Cullman’s conservationist efforts included serving as a trustee of the New York State Nature and Historical Preserve Trust and of the American Museum of National History. He once served on the Smithsonian Institution’s national board and as president of the International Atlantic Salmon Foundation. His support of the arts included serving as the director of the American Folk Art Museum. Cullman’s philanthropic efforts were many, both on the personal and corporate level. He is credited with guiding the Philip Morris company into contributing billions of dollars to the Harlem Educational Activities Fund, the Lincoln Center, the Dance Theatre of Harlem, and such museums as the Guggenheim and the Metropolitan.
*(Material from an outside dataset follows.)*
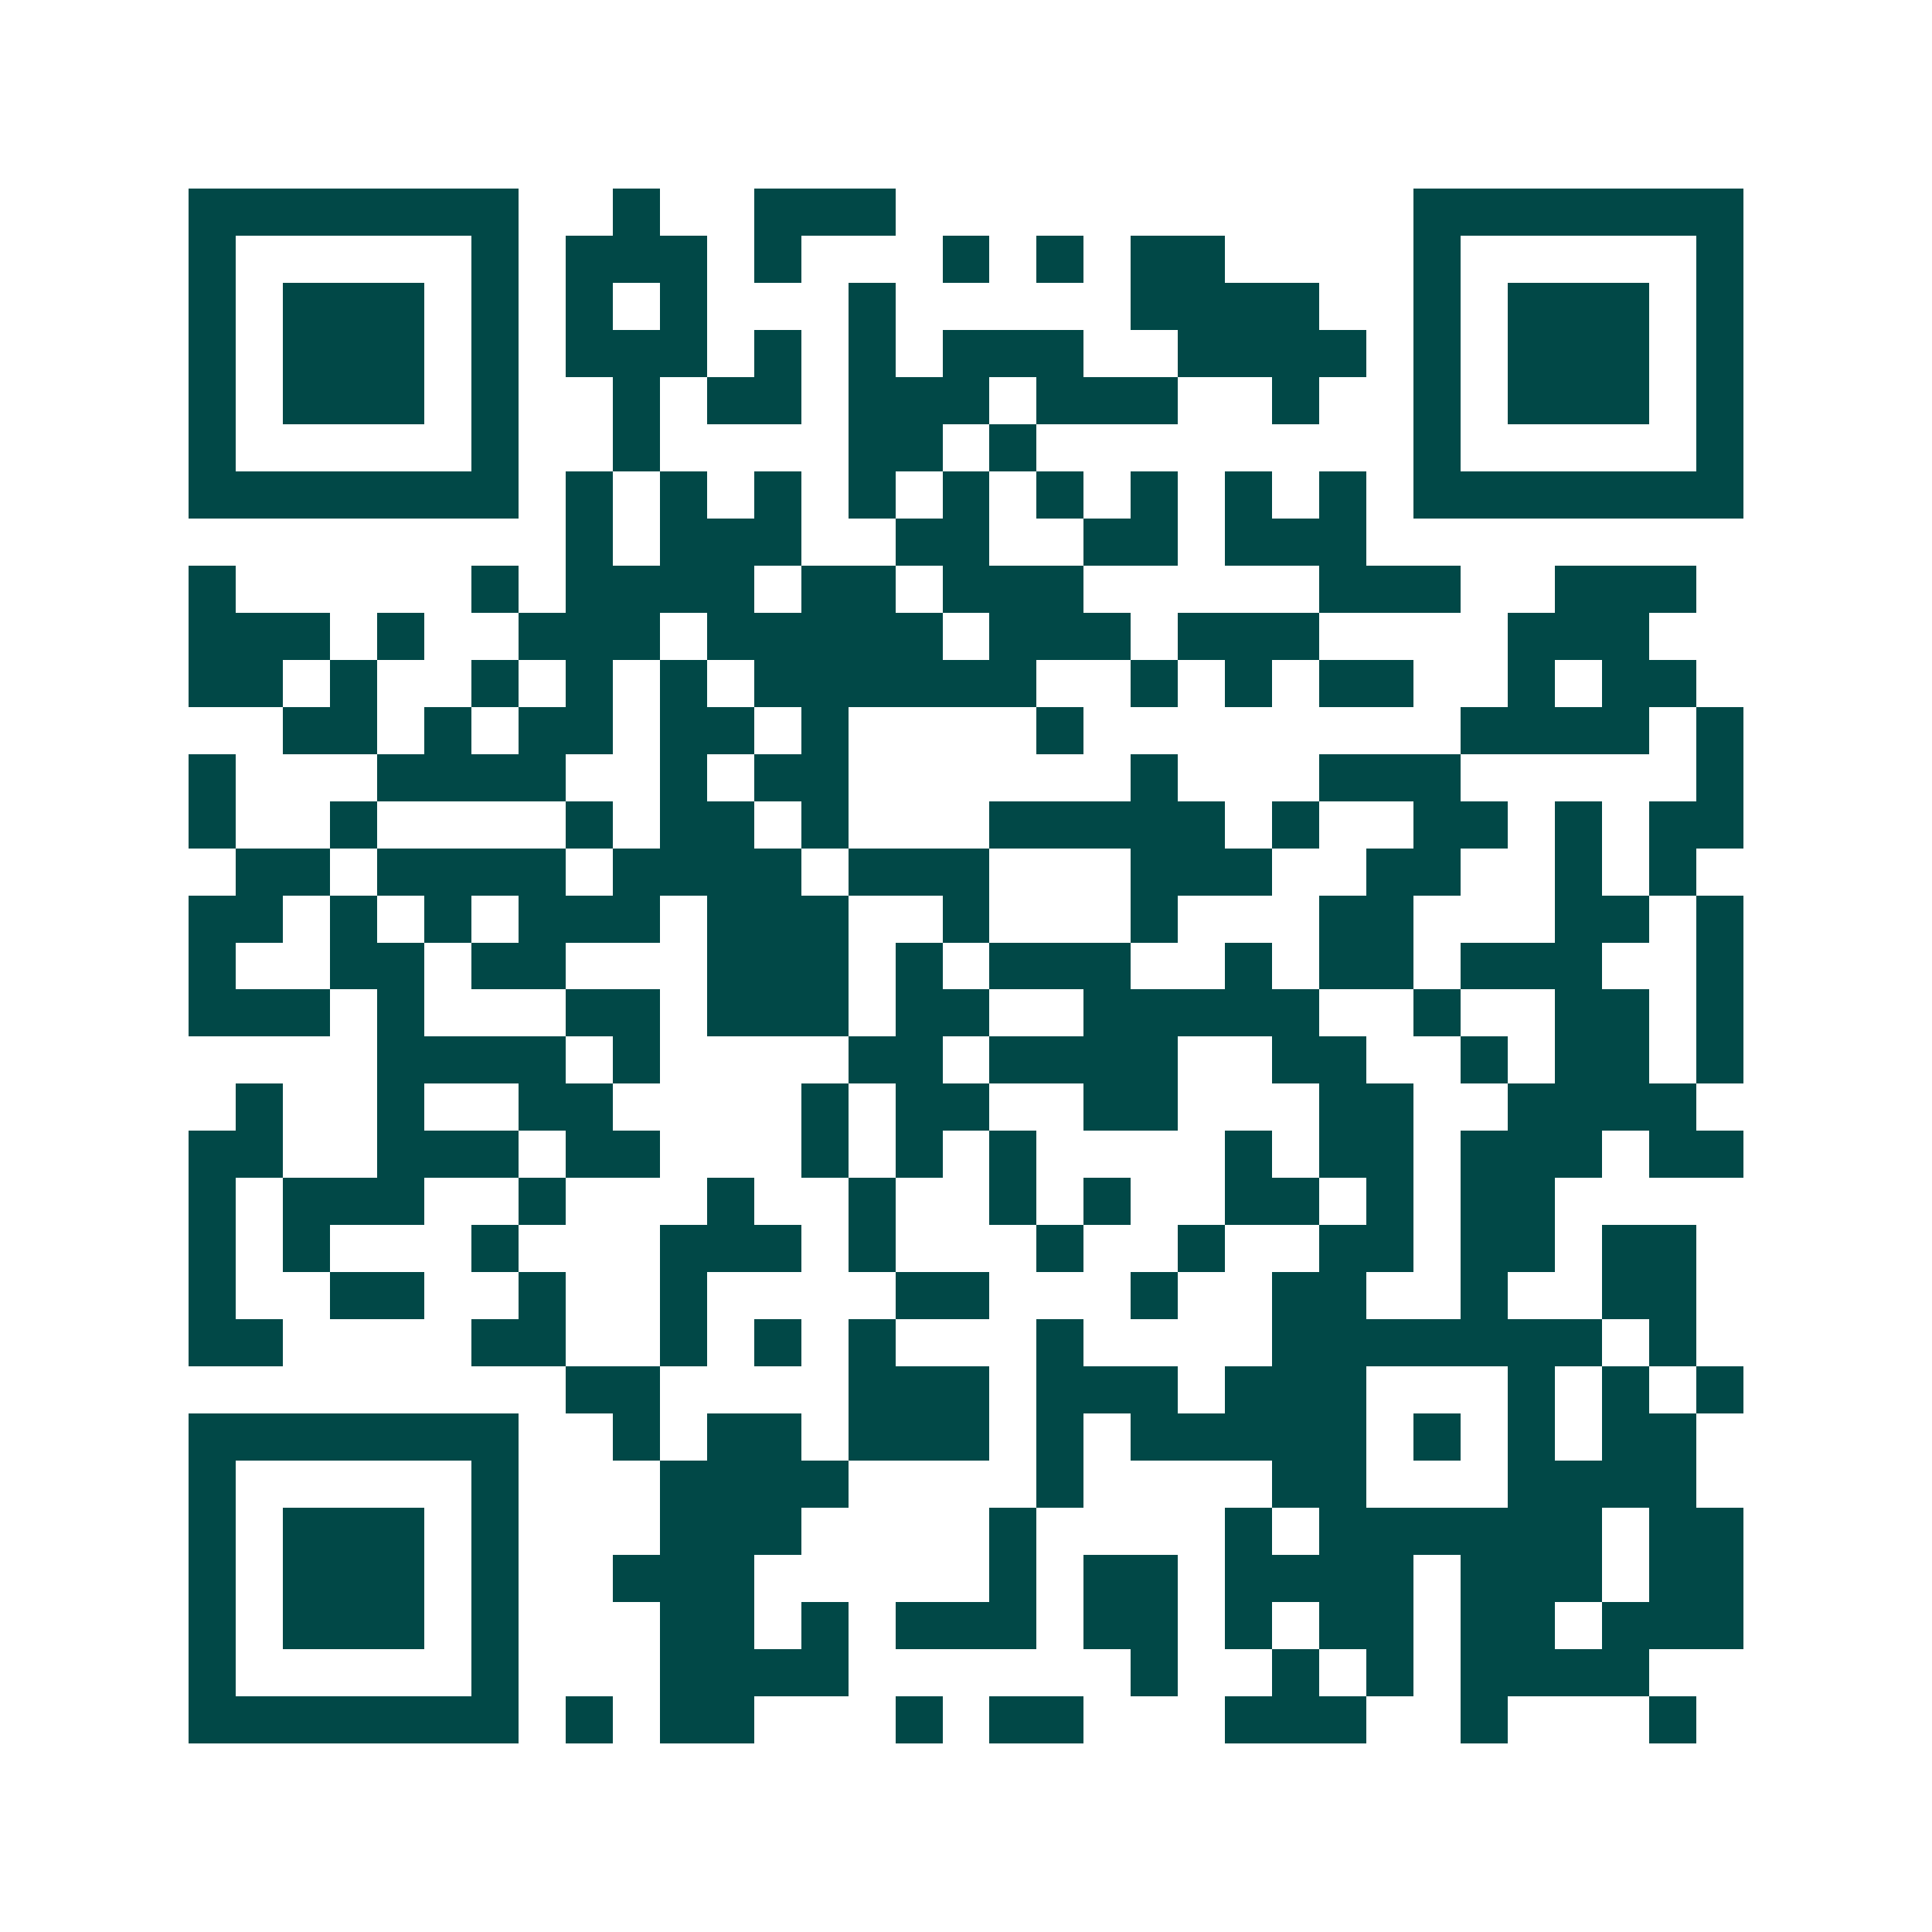 <svg xmlns="http://www.w3.org/2000/svg" width="200" height="200" viewBox="0 0 41 41" shape-rendering="crispEdges"><path fill="#ffffff" d="M0 0h41v41H0z"/><path stroke="#014847" d="M4 4.5h7m2 0h1m2 0h3m11 0h7M4 5.5h1m5 0h1m1 0h3m1 0h1m3 0h1m1 0h1m1 0h2m4 0h1m5 0h1M4 6.5h1m1 0h3m1 0h1m1 0h1m1 0h1m3 0h1m5 0h4m2 0h1m1 0h3m1 0h1M4 7.5h1m1 0h3m1 0h1m1 0h3m1 0h1m1 0h1m1 0h3m2 0h4m1 0h1m1 0h3m1 0h1M4 8.5h1m1 0h3m1 0h1m2 0h1m1 0h2m1 0h3m1 0h3m2 0h1m2 0h1m1 0h3m1 0h1M4 9.5h1m5 0h1m2 0h1m4 0h2m1 0h1m8 0h1m5 0h1M4 10.5h7m1 0h1m1 0h1m1 0h1m1 0h1m1 0h1m1 0h1m1 0h1m1 0h1m1 0h1m1 0h7M12 11.5h1m1 0h3m2 0h2m2 0h2m1 0h3M4 12.5h1m5 0h1m1 0h4m1 0h2m1 0h3m5 0h3m2 0h3M4 13.5h3m1 0h1m2 0h3m1 0h5m1 0h3m1 0h3m4 0h3M4 14.5h2m1 0h1m2 0h1m1 0h1m1 0h1m1 0h6m2 0h1m1 0h1m1 0h2m2 0h1m1 0h2M6 15.5h2m1 0h1m1 0h2m1 0h2m1 0h1m4 0h1m8 0h4m1 0h1M4 16.5h1m3 0h4m2 0h1m1 0h2m6 0h1m3 0h3m5 0h1M4 17.5h1m2 0h1m4 0h1m1 0h2m1 0h1m3 0h5m1 0h1m2 0h2m1 0h1m1 0h2M5 18.5h2m1 0h4m1 0h4m1 0h3m3 0h3m2 0h2m2 0h1m1 0h1M4 19.5h2m1 0h1m1 0h1m1 0h3m1 0h3m2 0h1m3 0h1m3 0h2m3 0h2m1 0h1M4 20.5h1m2 0h2m1 0h2m3 0h3m1 0h1m1 0h3m2 0h1m1 0h2m1 0h3m2 0h1M4 21.5h3m1 0h1m3 0h2m1 0h3m1 0h2m2 0h5m2 0h1m2 0h2m1 0h1M8 22.5h4m1 0h1m4 0h2m1 0h4m2 0h2m2 0h1m1 0h2m1 0h1M5 23.5h1m2 0h1m2 0h2m4 0h1m1 0h2m2 0h2m3 0h2m2 0h4M4 24.5h2m2 0h3m1 0h2m3 0h1m1 0h1m1 0h1m4 0h1m1 0h2m1 0h3m1 0h2M4 25.5h1m1 0h3m2 0h1m3 0h1m2 0h1m2 0h1m1 0h1m2 0h2m1 0h1m1 0h2M4 26.5h1m1 0h1m3 0h1m3 0h3m1 0h1m3 0h1m2 0h1m2 0h2m1 0h2m1 0h2M4 27.5h1m2 0h2m2 0h1m2 0h1m4 0h2m3 0h1m2 0h2m2 0h1m2 0h2M4 28.5h2m4 0h2m2 0h1m1 0h1m1 0h1m3 0h1m4 0h7m1 0h1M12 29.5h2m4 0h3m1 0h3m1 0h3m3 0h1m1 0h1m1 0h1M4 30.5h7m2 0h1m1 0h2m1 0h3m1 0h1m1 0h5m1 0h1m1 0h1m1 0h2M4 31.5h1m5 0h1m3 0h4m4 0h1m4 0h2m3 0h4M4 32.5h1m1 0h3m1 0h1m3 0h3m4 0h1m4 0h1m1 0h6m1 0h2M4 33.5h1m1 0h3m1 0h1m2 0h3m5 0h1m1 0h2m1 0h4m1 0h3m1 0h2M4 34.5h1m1 0h3m1 0h1m3 0h2m1 0h1m1 0h3m1 0h2m1 0h1m1 0h2m1 0h2m1 0h3M4 35.5h1m5 0h1m3 0h4m6 0h1m2 0h1m1 0h1m1 0h4M4 36.5h7m1 0h1m1 0h2m3 0h1m1 0h2m3 0h3m2 0h1m3 0h1"/></svg>

He donated $2 million to establish an endowment to support the Joseph F. Cullman III Library of Natural History at the Smithsonian Libraries. Cullman received many awards and honors, including the Equal Employment Opportunity Award from the National Urban League in 1972 and the Lone Sailor Award from the U.S. Navy Memorial Foundation in 2003.

Cullman, who smoked for many years but eventually quit, published his memoirs, titled I’m a Lucky Guy (1998). Many critics noted that his autobiography sidestepped the issues surrounding tobacco and public health, including his role in speaking out against government regulations concerning cigarette smoking and advertising. Nevertheless, he noted in his book that he would probably be remembered most for his work at Philip Morris. Cullman died at the Mount Sinai Hospital in Manhattan at the age of ninety-two. The family did not announce the cause of death.

Despite taking over a tobacco company just as the industry was starting to undergo attacks for the ill effects of its products on people’s health, Cullman guided the company to become one of the largest corporations in America and the maker of the best-selling product in the world in the form of Marlboro cigarettes. Although he remained a controversial figure for his vehement denial of the health risks of smoking and his continuing role as a staunch defender of the tobacco industry, Cullman was much admired and honored by many for his efforts both inside and outside the business world. Once described as an “old-breed mogul,” Cullman left a legacy that lies beyond the “cigarette wars” in the recognition that he was a quintessential American businessman who knew his customers and how to sell his product.

Cullman’s autobiography, I’m a Lucky Guy (1998), provides a firsthand look at how Cullman viewed his career and his personal life. Several books are available about the “tobacco wars” and Cullman’s role in defending the industry, including David A. Kessler, A Question of Intent: A Great American Battle with a Deadly Industry (2001), and David B. Moyer, The Tobacco Book: A Reference Guide of Facts, Figures, and Quotations about Tobacco (2005). Articles about Cullman’s role in the tobacco industry and his outside interests include Morton Mintz, “Former Executive of Philip Morris Blames FTC Rule,” Washington Post (25 Feb. 1988), and “Mixed Reviews,” New York Times (25 Feb. 1990). An obituary is in the New York Times (1 May 2004).